Re: Language maps and undefined language from Gregg Kellogg on 2017-04-12 (public-linked-json@w3.org from April 2017)

From: Gregg Kellogg <gregg@greggkellogg.net>
Date: Tue, 11 Apr 2017 19:29:13 -0700
To: Robert Sanderson <azaroth42@gmail.com>
Cc: Jakob Voß <jakob.voss@gbv.de>, Linked JSON <public-linked-json@w3.org>
Message-Id: <88289B43-2ECE-46D1-96F6-E8F639801BDE@greggkellogg.net>
> On Apr 11, 2017, at 5:37 PM, Robert Sanderson <azaroth42@gmail.com> wrote:
> 
> 
> Please consider the I18n group at the W3C on the topic:
> 
>    https://www.w3.org/International/questions/qa-no-language <https://www.w3.org/International/questions/qa-no-language>
> 
> To excerpt the document:
> 
> > Use the subtag zxx when the text is known to be not in any language.
> 
> > [...] use xml:lang="" <http://www.w3.org/TR/REC-xml/#sec-lang-tag>, otherwise use xml:lang="und". These values indicate that we cannot determine, for one reason or another, what the appropriate language information is, or whether the text is non-linguistic. 
> 
> Note that we cannot use "", as noted, because PHP does not support empty string as the key of a dictionary... and thus we fallback to using "und”.

This likely depends on your perspective. In RDF, if there is no language, the datatype is xsd:string, otherwise, rdf:langString. IMO, xsd:string pretty definitively says that there is no language, closer to “zxx”.
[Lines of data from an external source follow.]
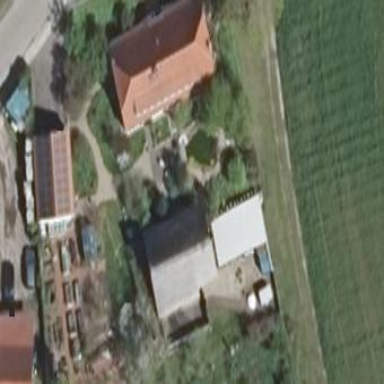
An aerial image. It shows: House with red half-hipped roof oriented along.
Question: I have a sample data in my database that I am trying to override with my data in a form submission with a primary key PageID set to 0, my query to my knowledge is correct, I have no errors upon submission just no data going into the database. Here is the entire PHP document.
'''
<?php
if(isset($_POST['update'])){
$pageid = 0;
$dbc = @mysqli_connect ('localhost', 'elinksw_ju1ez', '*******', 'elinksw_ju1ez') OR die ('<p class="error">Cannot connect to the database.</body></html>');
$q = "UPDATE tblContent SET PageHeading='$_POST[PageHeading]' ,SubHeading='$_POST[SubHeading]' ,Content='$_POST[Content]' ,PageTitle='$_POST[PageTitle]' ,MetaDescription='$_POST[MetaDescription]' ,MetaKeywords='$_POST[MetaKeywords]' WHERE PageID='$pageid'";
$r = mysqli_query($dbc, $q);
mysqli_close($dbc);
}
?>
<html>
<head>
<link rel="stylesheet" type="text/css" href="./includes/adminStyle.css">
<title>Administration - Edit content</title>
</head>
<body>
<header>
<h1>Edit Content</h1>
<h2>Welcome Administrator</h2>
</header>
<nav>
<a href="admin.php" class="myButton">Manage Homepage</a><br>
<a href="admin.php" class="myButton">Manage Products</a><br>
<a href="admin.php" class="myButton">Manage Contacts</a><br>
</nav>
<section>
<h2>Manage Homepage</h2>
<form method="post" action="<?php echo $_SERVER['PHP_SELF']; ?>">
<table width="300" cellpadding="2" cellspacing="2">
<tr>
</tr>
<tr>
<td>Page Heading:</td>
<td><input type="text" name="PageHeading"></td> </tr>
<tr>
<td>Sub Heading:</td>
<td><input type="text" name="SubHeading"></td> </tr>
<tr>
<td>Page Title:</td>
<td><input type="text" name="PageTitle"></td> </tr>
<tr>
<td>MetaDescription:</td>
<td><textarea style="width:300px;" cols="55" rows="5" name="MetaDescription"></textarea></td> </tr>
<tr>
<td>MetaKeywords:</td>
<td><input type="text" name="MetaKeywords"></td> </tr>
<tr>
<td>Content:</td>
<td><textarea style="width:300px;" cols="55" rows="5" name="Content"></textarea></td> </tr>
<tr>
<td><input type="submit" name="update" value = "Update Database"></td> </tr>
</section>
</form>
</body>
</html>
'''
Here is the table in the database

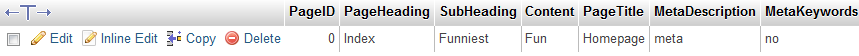
Answer: First of all, your code is dangerous, is vulnerable to Injection attacks, you have to filter and escape your $_POST variables (<URL>
A quick & dirty solution to grasp what's going on would involve:
'''
$PageHeading = mysqli_real_escape_string($dbc, $_POST['PageHeading']);
$subHeading = mysqli_real_escape_string($dbc, $_POST['SubHeading']);
$Content = mysqli_real_escape_string($dbc, $_POST['Content']);
$PageTitle = mysqli_real_escape_string($dbc, $_POST['PageTitle']);
$MetaDescription = mysqli_real_escape_string($dbc, $_POST['MetaDescription']);
$MetaKeywords = mysqli_real_escape_string($dbc, $_POST['MetaKeywords']);
$q = "UPDATE tblContent SET PageHeading='$PageHeading' ,SubHeading='$SubHeading' ,Content='$Content' ,PageTitle='$PageTitle' ,MetaDescription='$MetaDescription' ,MetaKeywords='$MetaKeywords' WHERE PageID='$pageid'";
$r = mysqli_query($dbc, $q) or die(mysqli_error($dbc)); //remove this on production
'''

For JSON-LD, you might imagine that something expanding to `{“@value”: “foo”}`, is not, in fact, making any such claim, so that “und” is appropriate. Otherwise, it would be asserted as `{“@value”: “foo”, “@type”: “xsd:string”}`. However, the RDF to JSON-LD transformation does not preserve “xsd:string” in this case (no RDF serializations really do).

Would we expand {“@value”: “foo”, “@language”: “und”} into simply {“@value”: “foo”}? That would be removing the assertion that the language is unknown, while {“@value”: “foo”, “@language”: “zxx”} is easier to see dropping the “@language”.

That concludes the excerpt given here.